BEFORE: Justice Beth Allen
COUNSEL: Ian Gold and Sarah Jones, for the Plaintiffs State Farm Mutual Automobile Insurance Company, Dominion of Canada General Insurance Company, Co-operators General Insurance Company, HB Group Insurance Management Limited and Coseco Insurance Company
James McReynolds, for the Defendants Pacific Assessment Centre Inc. a.k.a. Pacific Rehab & Therapy Inc., Fairview Assessment Centre Inc, Vitali Tourkov, Alexander Lobatch, Yaniv Tamsout and Alla Lobatch
No one appearing, for the Defendants 2171713 Ontario Inc., M.D. Consult Inc. o/a Toronto Regional Medical Assessment Centre, M.D. Assessment Consult Inc., Traffic Law Advocate (E.E.) Professional Corporation, Abram Zilber, Danny Grossi, Evgeni Evdassin and Dan Sut
HEARD: January 29, 2013
ENDORSEMENT
A. THE PARTIES
[1] The Defendants Pacific Assessment Centre Inc. (“Pacific”), Fairview Assessment Centre Inc. (Fairview), Vitali Tourkov (“Tourkov”), Alexandre Lobatch (“Lobatch”), Yaniv Tamsout (“Tamsout”) and Alla Lobatch (“A. Lobatch”) (collectively, the “Moving Defendants”) bring motions under Rule 21.01(1)(b) of the Rules of Civil Procedure to strike out the claims of the plaintiff insurance companies, State Farm Mutual Automobile Insurance Company (“State Farm”), The Dominion of Canada General Insurance Company (“Dominion”) and Co-operators General Insurance Company and related companies (“Co-operators”) (collectively, the Plaintiff Insurers”).
[2] The Plaintiff Insurers are jointly represented by one law firm as are the Moving Defendants. The statements of claim of the individual Plaintiff Insurers are essentially similar and so for simplicity, issues are largely dealt with together. Where there is a difference in a statement of claim that is pertinent to the determination on this motion, that difference will be addressed.
B. BACKGROUND
[3] The Plaintiff Insurers issued statements of claim against the Moving Defendants on various dates in 2011 seeking relief as follows:
• Dominion seeks $500,000 in damages for fraud, fraudulent misrepresentation, conspiracy and/or unjust enrichment; and $5,000,000 for aggravated/or punitive damages;
• Co-operators seeks $2,000,000 in damages for fraud, fraudulent misrepresentation, conspiracy and/or unjust enrichment; $5,000,000 for aggravated and/or punitive damages;
• State Farm seeks $8,000,000 in damages for fraud, fraudulent misrepresentation, conspiracy and/or unjust enrichment; $8,000,000 for conspiracy; and $5,000,000 for aggravated and/or punitive damages.

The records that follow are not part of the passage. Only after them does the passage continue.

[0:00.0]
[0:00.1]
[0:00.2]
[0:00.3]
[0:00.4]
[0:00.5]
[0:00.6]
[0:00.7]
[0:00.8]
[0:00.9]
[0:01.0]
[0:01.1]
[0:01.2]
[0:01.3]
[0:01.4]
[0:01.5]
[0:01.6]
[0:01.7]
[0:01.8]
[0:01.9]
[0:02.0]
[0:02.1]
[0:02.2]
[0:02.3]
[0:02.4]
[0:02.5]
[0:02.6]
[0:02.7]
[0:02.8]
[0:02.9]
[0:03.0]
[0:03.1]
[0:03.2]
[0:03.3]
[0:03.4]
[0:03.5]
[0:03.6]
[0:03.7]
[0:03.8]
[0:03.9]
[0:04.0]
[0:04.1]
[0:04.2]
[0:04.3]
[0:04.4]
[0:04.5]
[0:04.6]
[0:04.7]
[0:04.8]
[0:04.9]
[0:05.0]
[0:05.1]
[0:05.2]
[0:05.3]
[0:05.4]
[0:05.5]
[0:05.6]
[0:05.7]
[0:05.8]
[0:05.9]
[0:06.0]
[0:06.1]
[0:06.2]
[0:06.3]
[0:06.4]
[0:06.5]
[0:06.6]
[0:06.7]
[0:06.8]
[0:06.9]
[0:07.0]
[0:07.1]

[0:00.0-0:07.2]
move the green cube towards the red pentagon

[4] The three actions have been brought in relation to insurance claims made by the Moving Defendants for medical treatment and assessments allegedly rendered starting in 2010. The defendant companies are treatment and assessment centres and the individual defendants were at the relevant times either directors or signatories of the defendant companies.
[5] The Plaintiff Insurers allege the Moving Defendants were involved in a conspiracy involving making fraudulent treatment and assessment claims with the Plaintiff Insurers.

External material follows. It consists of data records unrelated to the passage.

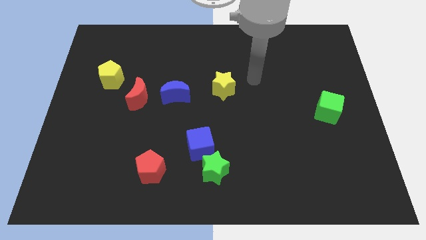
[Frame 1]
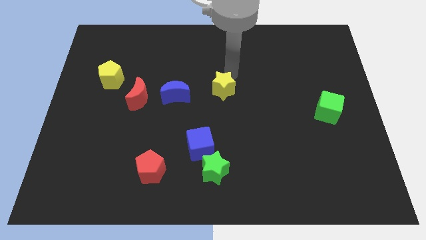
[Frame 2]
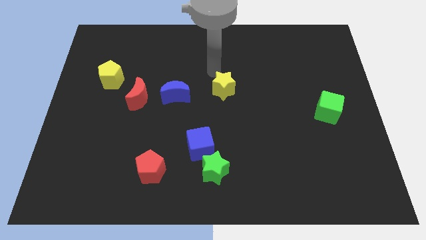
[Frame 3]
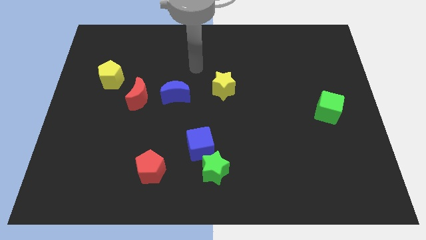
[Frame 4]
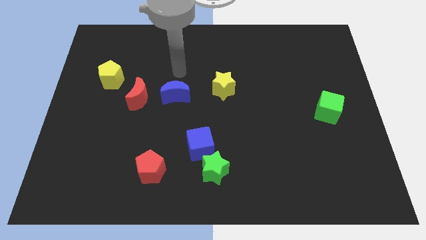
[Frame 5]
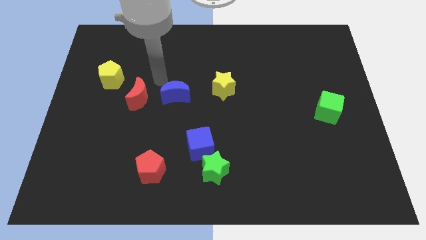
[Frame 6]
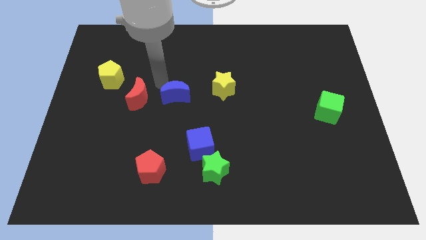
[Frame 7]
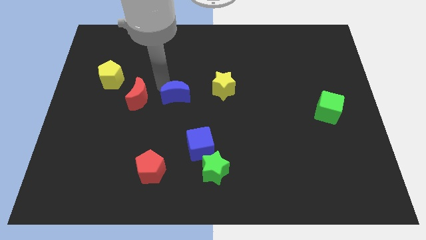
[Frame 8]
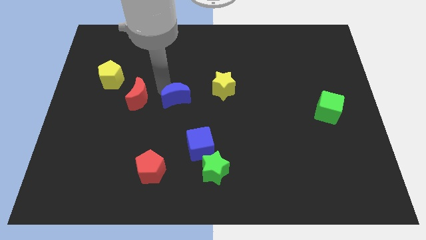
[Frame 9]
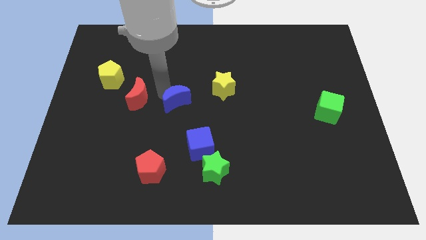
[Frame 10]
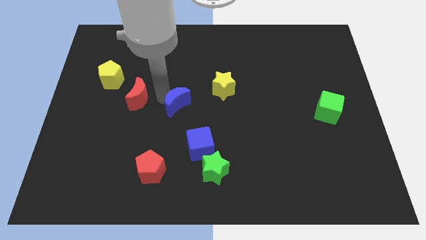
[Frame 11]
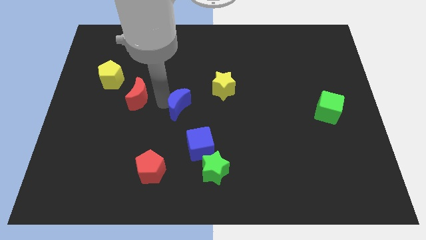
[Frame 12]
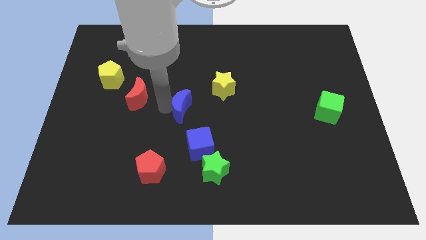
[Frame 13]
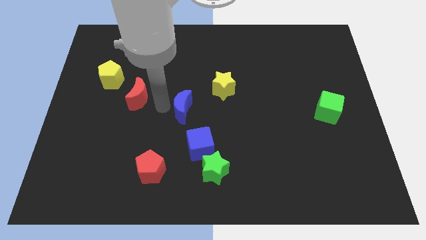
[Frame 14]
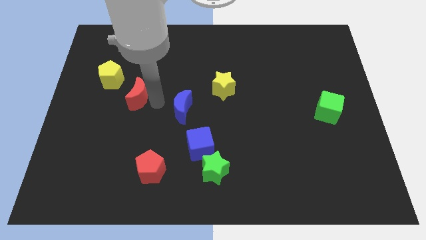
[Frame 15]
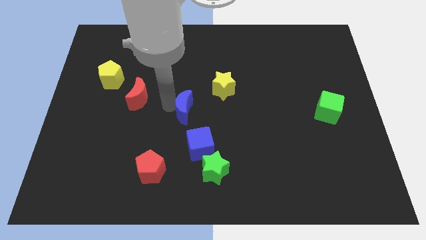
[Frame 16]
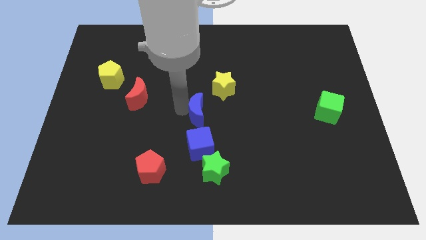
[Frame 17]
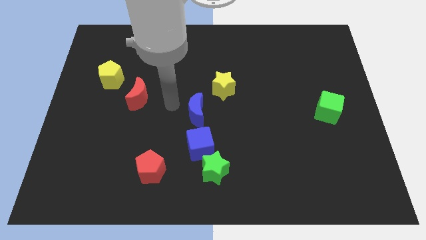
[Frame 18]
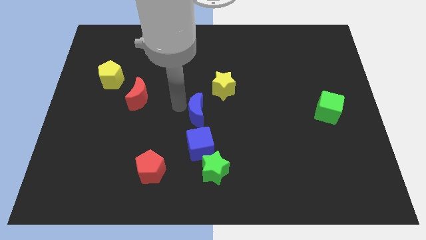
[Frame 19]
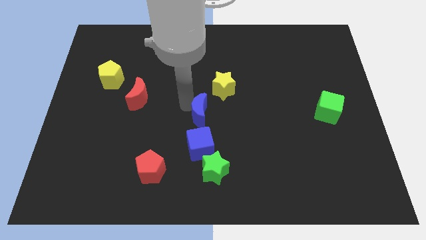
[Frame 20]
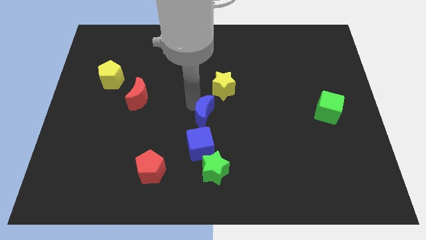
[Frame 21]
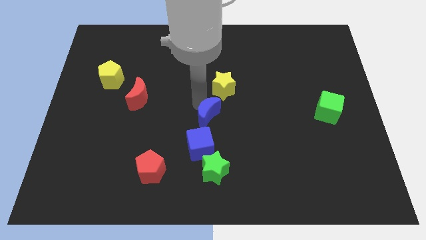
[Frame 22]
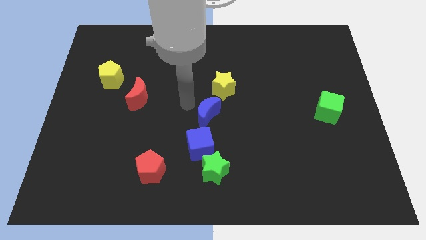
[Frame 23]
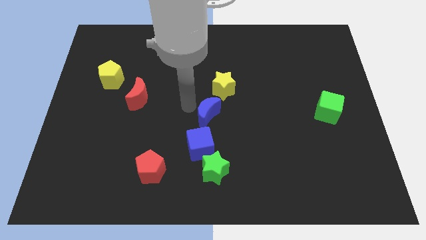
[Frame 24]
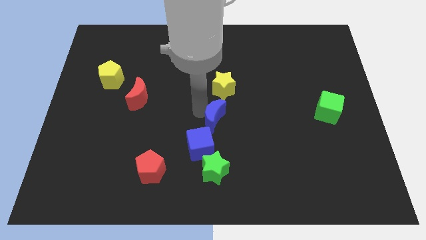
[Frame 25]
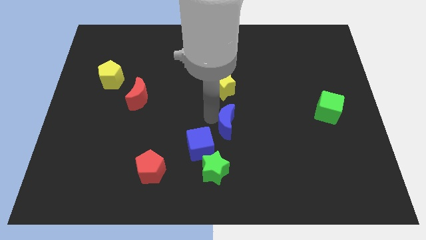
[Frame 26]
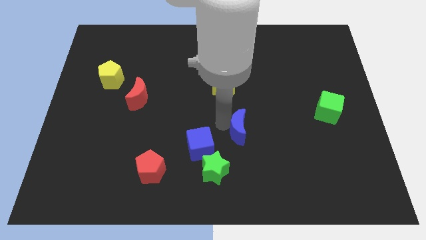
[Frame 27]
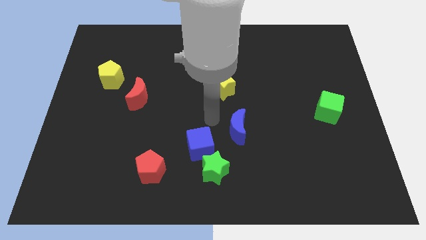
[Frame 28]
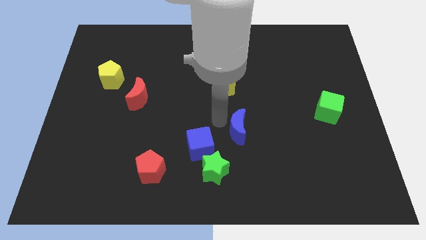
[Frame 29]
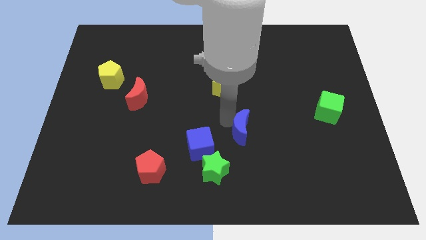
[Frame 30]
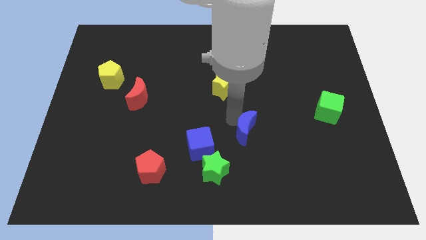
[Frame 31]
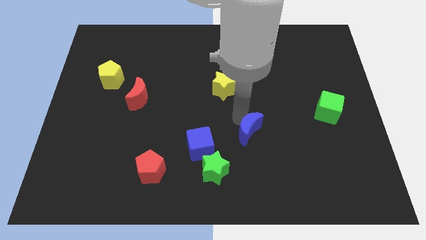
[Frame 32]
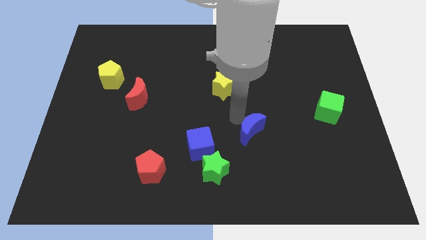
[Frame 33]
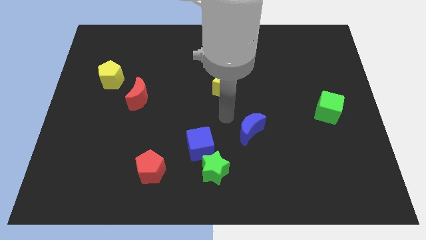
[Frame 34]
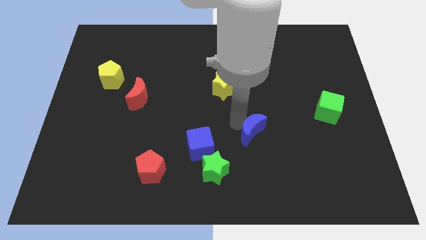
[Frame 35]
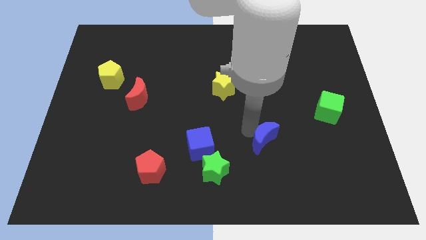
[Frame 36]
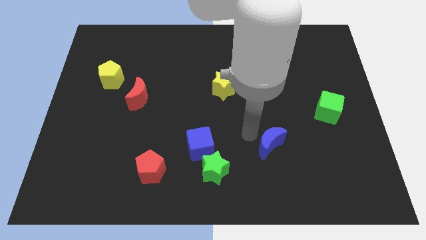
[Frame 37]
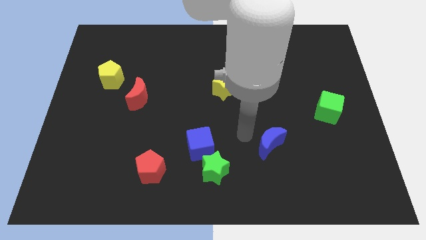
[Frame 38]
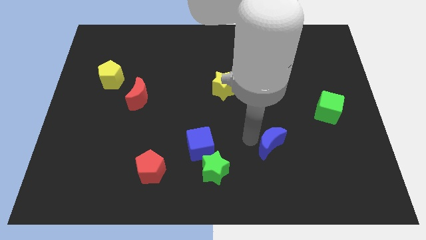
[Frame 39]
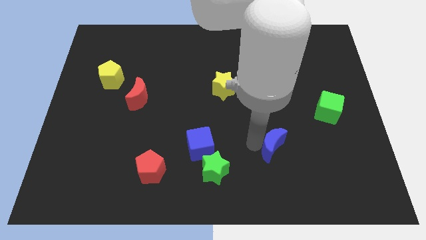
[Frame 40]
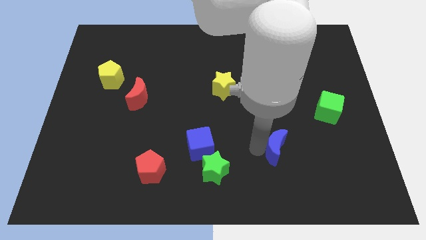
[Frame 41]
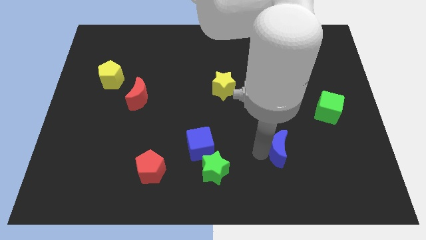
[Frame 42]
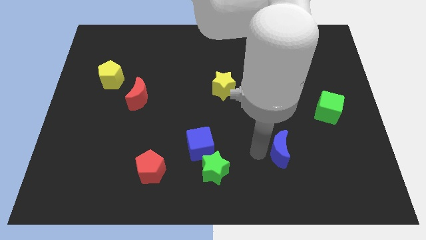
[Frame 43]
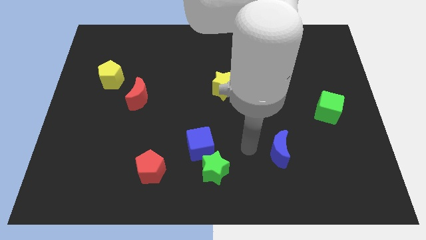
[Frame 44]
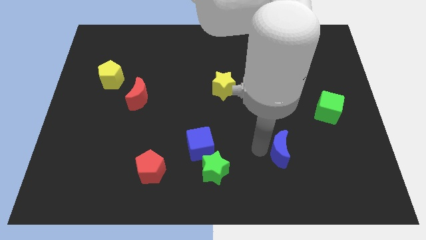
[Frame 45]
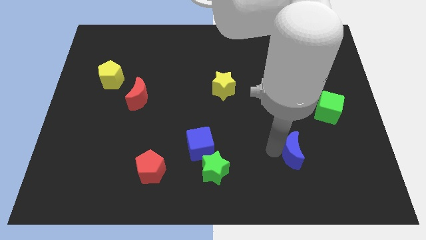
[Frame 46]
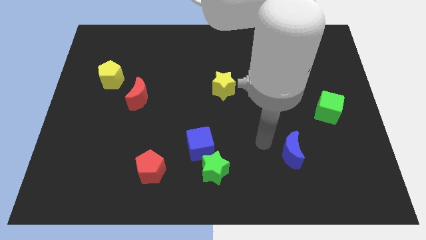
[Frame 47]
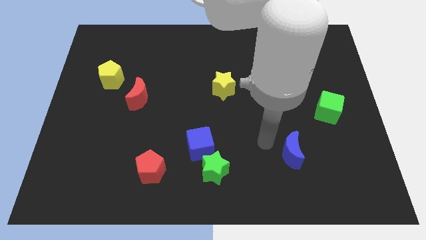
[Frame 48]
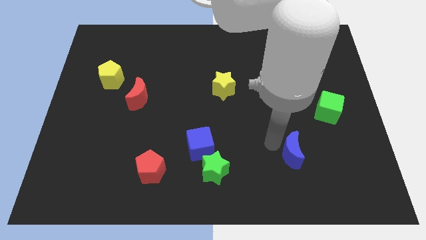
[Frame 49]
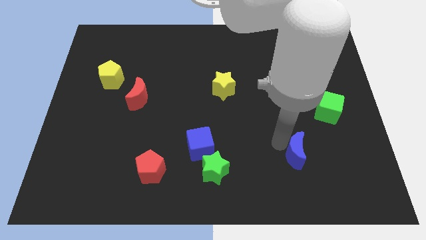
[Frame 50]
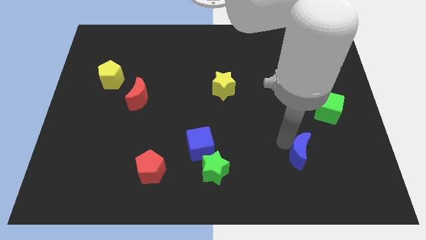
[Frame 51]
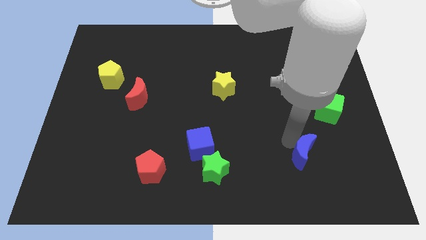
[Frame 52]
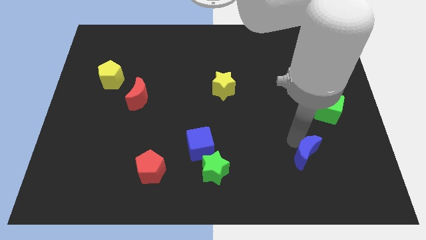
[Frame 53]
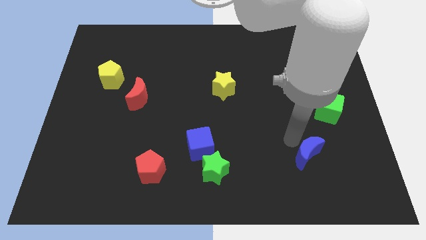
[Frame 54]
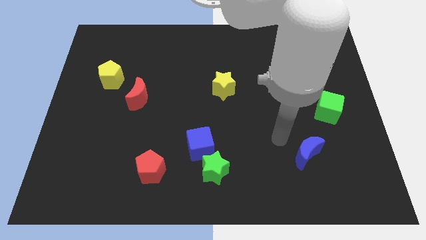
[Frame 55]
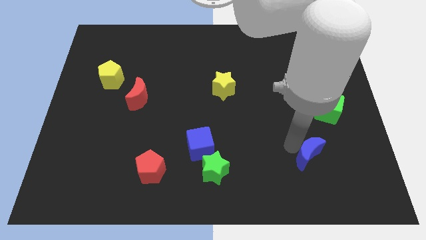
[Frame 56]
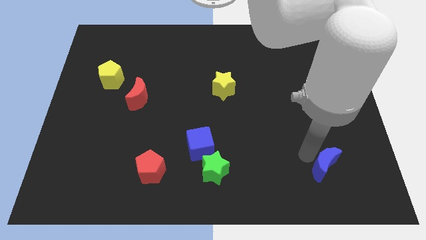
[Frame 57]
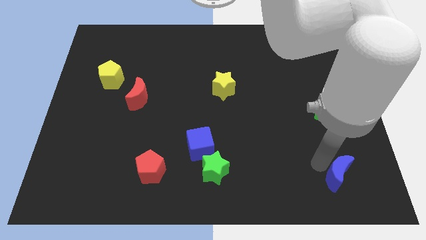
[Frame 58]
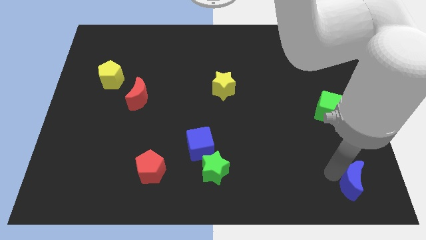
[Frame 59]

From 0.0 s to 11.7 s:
put the blue moon to the bottom right of the board

C. THE LAW ON STRIKING OUT PLEADINGS
1. General Principles
[6] This court in Aristocrat, infra, spoke of the importance of the role of pleadings in guiding litigation:
The importance of pleadings cannot be overemphasized. They define the issues in dispute. They give notice to the other side of the case to be met. They inform the court of the matters in issue. They provide a permanent record of the issues raised in deciding the action so as to prevent further litigation upon the same matters already judicially determined. They also play a key role in defining the scope of discovery [Aristocrat Restaurants Ltd. (c.o.b. Tony’s East) v. Ontario, [2003] O.J. No 5331, at paras.76-77, (Ont. S.C.J.)].
[7] Rules 21 and 25 provide direction on the drafting of pleadings, on when it is appropriate to strike out a claim and on when it is appropriate to allow amendments to pleadings.
[8] Rule 21.01(1)(b) allows a party to ask the court to strike out a pleading that discloses no reasonable cause of action.
21.01 (1) A party may move before a judge,
(b) to strike out a pleading on the ground that it discloses no reasonable cause of action or defence,
and the judge may make an order or grant judgment accordingly.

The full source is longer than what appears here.